#### What you will do
Every record is to be printed exactly as written; pictures are to be omitted.

#### Records from a collection
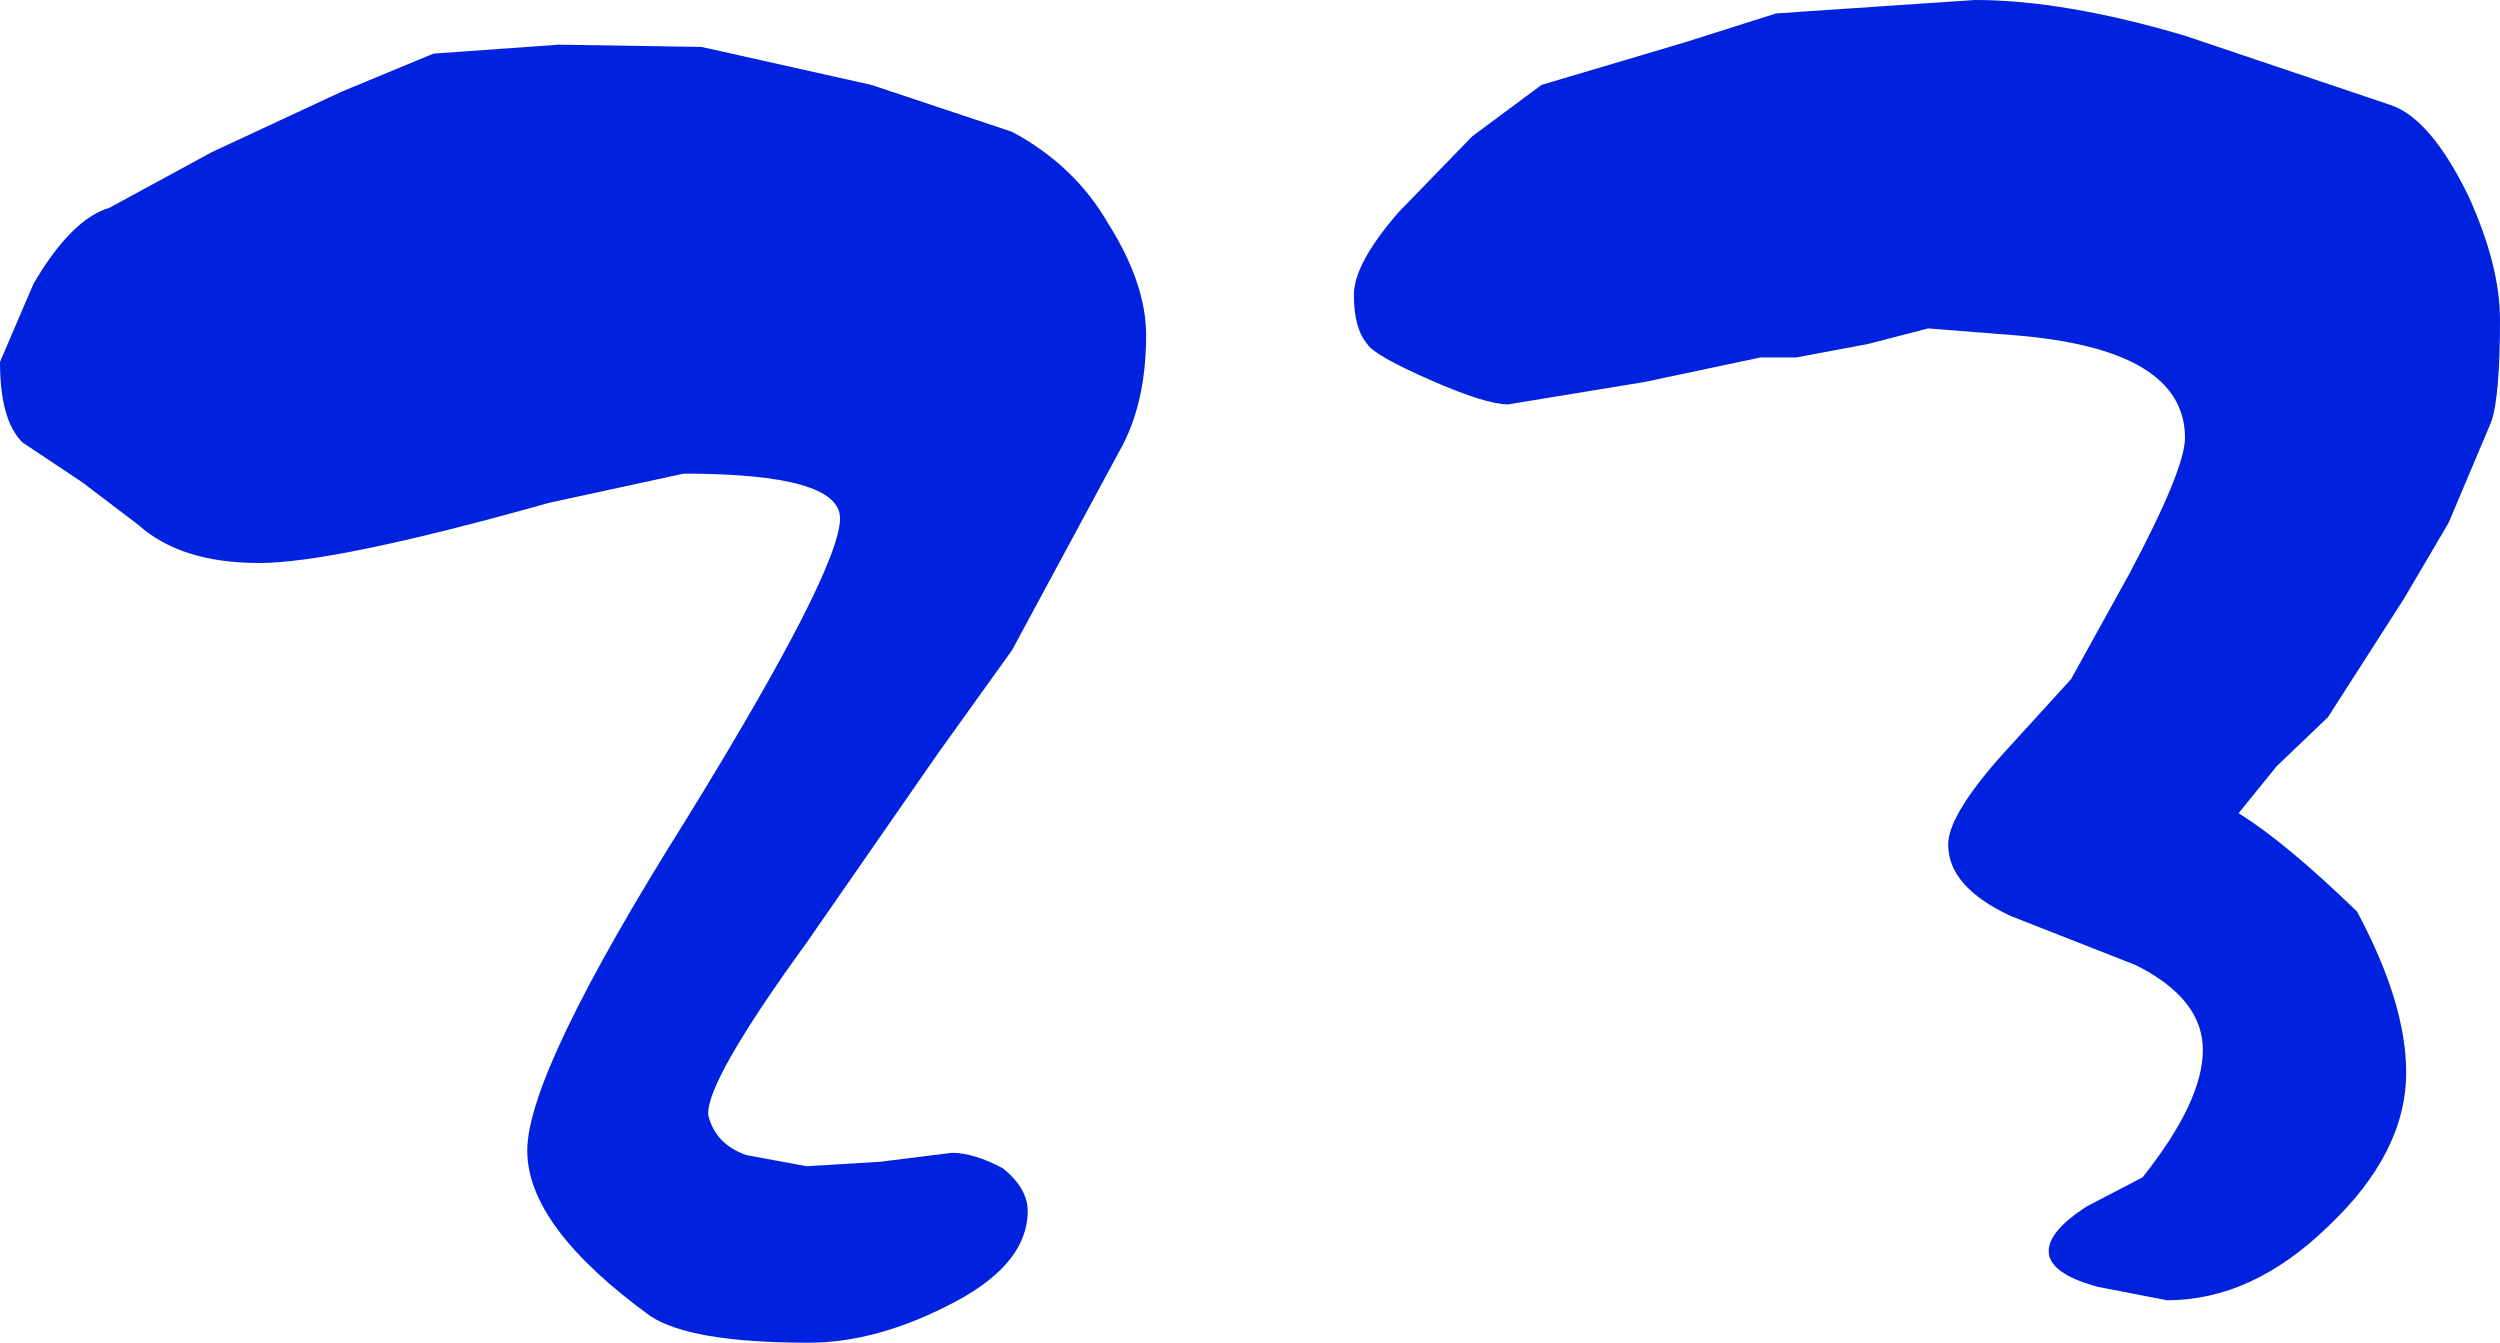 <?xml version="1.0" encoding="UTF-8" standalone="no"?>
<svg xmlns:xlink="http://www.w3.org/1999/xlink" height="30.05px" width="55.95px" xmlns="http://www.w3.org/2000/svg">
  <g transform="matrix(1.0, 0.0, 0.0, 1.0, 25.2, 20.1)">
    <path d="M16.6 -12.4 L15.0 -12.1 14.2 -12.1 11.6 -11.55 8.55 -11.05 Q8.05 -11.05 6.8 -11.6 5.55 -12.15 5.4 -12.4 5.1 -12.75 5.1 -13.5 5.1 -14.2 6.1 -15.35 L7.75 -17.05 9.3 -18.2 12.5 -19.15 14.55 -19.8 19.0 -20.1 Q21.0 -20.1 23.7 -19.3 L28.3 -17.75 Q29.2 -17.45 30.05 -15.7 30.75 -14.15 30.75 -12.95 30.75 -11.2 30.55 -10.65 L29.6 -8.4 28.6 -6.7 26.9 -4.05 25.75 -2.95 24.9 -1.9 Q25.95 -1.25 27.55 0.3 28.65 2.35 28.65 3.9 28.65 5.7 26.9 7.35 25.2 9.0 23.3 9.0 L21.75 8.7 Q20.65 8.4 20.65 7.9 20.65 7.45 21.5 6.9 L22.75 6.25 Q24.1 4.55 24.1 3.4 24.1 2.25 22.6 1.5 L19.8 0.4 Q18.4 -0.25 18.4 -1.2 18.4 -1.85 19.6 -3.2 L21.15 -4.9 22.45 -7.25 Q23.7 -9.6 23.7 -10.3 23.7 -12.3 19.85 -12.6 L17.95 -12.75 16.6 -12.4 M-24.7 -10.2 Q-25.2 -10.7 -25.2 -12.0 L-24.45 -13.75 Q-23.6 -15.2 -22.75 -15.45 L-20.45 -16.7 -17.55 -18.05 -15.5 -18.9 -12.7 -19.1 -9.5 -19.05 -5.7 -18.2 -2.55 -17.15 Q-1.15 -16.4 -0.4 -15.1 0.45 -13.75 0.45 -12.6 0.45 -11.05 -0.15 -10.0 L-2.55 -5.55 -4.2 -3.25 -7.15 1.0 Q-9.4 4.1 -9.35 4.85 -9.2 5.5 -8.5 5.75 L-7.15 6.0 -5.5 5.9 -3.9 5.7 Q-3.4 5.7 -2.75 6.05 -2.2 6.5 -2.2 7.0 -2.2 8.25 -4.05 9.15 -5.65 9.95 -7.1 9.95 -9.75 9.95 -10.65 9.35 -13.4 7.35 -13.4 5.65 -13.4 3.9 -9.85 -1.75 -6.4 -7.35 -6.4 -8.5 -6.4 -9.5 -9.9 -9.5 L-12.9 -8.85 Q-17.7 -7.5 -19.4 -7.5 -21.15 -7.5 -22.1 -8.35 L-23.35 -9.3 -24.7 -10.2" fill="#0022df" fill-rule="evenodd" stroke="none"/>
  </g>
</svg>

#### Result
 <?xml version="1.0" encoding="UTF-8" standalone="no"?>
<svg xmlns:xlink="http://www.w3.org/1999/xlink" height="30.05px" width="55.95px" xmlns="http://www.w3.org/2000/svg">
  <g transform="matrix(1.0, 0.0, 0.0, 1.0, 25.2, 20.1)">
    <path d="M16.6 -12.4 L15.0 -12.1 14.2 -12.1 11.6 -11.55 8.55 -11.05 Q8.05 -11.05 6.8 -11.6 5.55 -12.15 5.4 -12.4 5.1 -12.75 5.1 -13.5 5.1 -14.2 6.1 -15.35 L7.75 -17.05 9.3 -18.2 12.5 -19.15 14.55 -19.8 19.0 -20.1 Q21.0 -20.1 23.7 -19.3 L28.3 -17.75 Q29.2 -17.45 30.05 -15.7 30.75 -14.15 30.75 -12.95 30.75 -11.2 30.55 -10.65 L29.6 -8.4 28.6 -6.7 26.9 -4.05 25.75 -2.95 24.9 -1.9 Q25.95 -1.25 27.55 0.3 28.65 2.35 28.65 3.9 28.65 5.7 26.9 7.35 25.2 9.0 23.3 9.0 L21.75 8.7 Q20.65 8.4 20.65 7.9 20.65 7.45 21.5 6.9 L22.75 6.25 Q24.1 4.55 24.1 3.4 24.1 2.25 22.6 1.5 L19.8 0.4 Q18.4 -0.25 18.4 -1.2 18.4 -1.85 19.6 -3.2 L21.15 -4.9 22.45 -7.25 Q23.7 -9.6 23.7 -10.3 23.7 -12.3 19.85 -12.6 L17.95 -12.75 16.6 -12.4 M-24.7 -10.2 Q-25.2 -10.7 -25.2 -12.0 L-24.45 -13.75 Q-23.6 -15.2 -22.75 -15.45 L-20.45 -16.7 -17.55 -18.05 -15.5 -18.9 -12.7 -19.1 -9.5 -19.05 -5.7 -18.2 -2.55 -17.15 Q-1.15 -16.4 -0.4 -15.1 0.45 -13.75 0.45 -12.6 0.45 -11.05 -0.15 -10.0 L-2.55 -5.55 -4.2 -3.25 -7.15 1.0 Q-9.4 4.1 -9.35 4.85 -9.2 5.5 -8.5 5.75 L-7.15 6.0 -5.5 5.9 -3.9 5.7 Q-3.4 5.7 -2.75 6.05 -2.2 6.5 -2.2 7.0 -2.2 8.25 -4.05 9.15 -5.65 9.95 -7.1 9.95 -9.75 9.95 -10.65 9.35 -13.4 7.35 -13.4 5.65 -13.4 3.9 -9.85 -1.75 -6.4 -7.35 -6.4 -8.5 -6.4 -9.5 -9.9 -9.5 L-12.9 -8.85 Q-17.7 -7.5 -19.4 -7.5 -21.15 -7.5 -22.1 -8.35 L-23.35 -9.3 -24.7 -10.2" fill="#0022df" fill-rule="evenodd" stroke="none"/>
  </g>
</svg>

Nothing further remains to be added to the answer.